On the conditional expectation of Ito integral

Question

In general, one can prove that \begin{equation} \mathbb{E}[f(X_t)|X_t=x]=f(x)\tag{1} \end{equation} where $X_t$ is the Ito process: $\mathrm{d}X_t=a(t,X_t)\mathrm{d}t+b(t,X_t)\mathrm{d}W_t$. Suppose now I have to evaluate $$ \mathbb{E}\left[\int_{0}^Tc(t,X_t)\mathrm{d}W_t\bigg|X_t=x\right] $$

Is it $\displaystyle \int_0^T c(t,x)\mathrm{d}W_t$ or $\displaystyle\mathbb{E}\left[\int_0^Tc(t,x)\mathrm{d}W_t\right]=0$? The correct answer should be the second but is this coherent with $(1)$?

Answer 1

The statement you want to prove is valid if the integral is a true martingale.

Indeed it is an elementary property of the stochastic integral to have null expectation if it is a martingale.

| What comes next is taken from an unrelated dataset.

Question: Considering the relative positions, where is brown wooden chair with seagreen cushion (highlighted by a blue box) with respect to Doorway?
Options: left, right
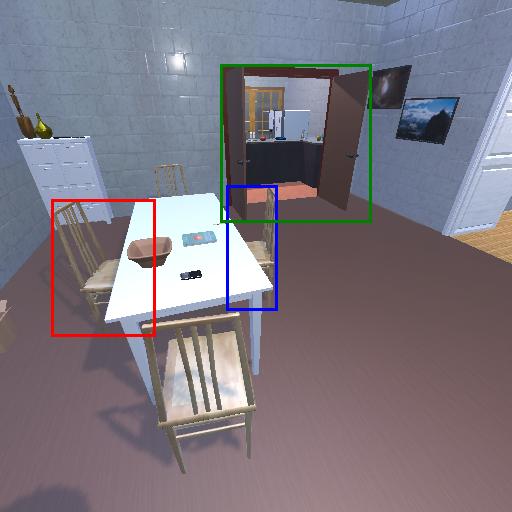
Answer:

A suffcient condition for the integral $\int_{0}^{t}c(\omega, s) dM_s$ to be a martingale on $[0,T]$ is that:

1. $c(w,s)$ is adapted and measurable in $s$
2. $\mathbb{E}[\int_{0}^{T}c^2(\omega, s)ds] < \infty$

If, in particular, $M_t$ is a martingale and $c$ is bounded, then it can be proved that the integral is also a martingale.

If in general $M_t$ is only a local martingale we can't say much about that expectation.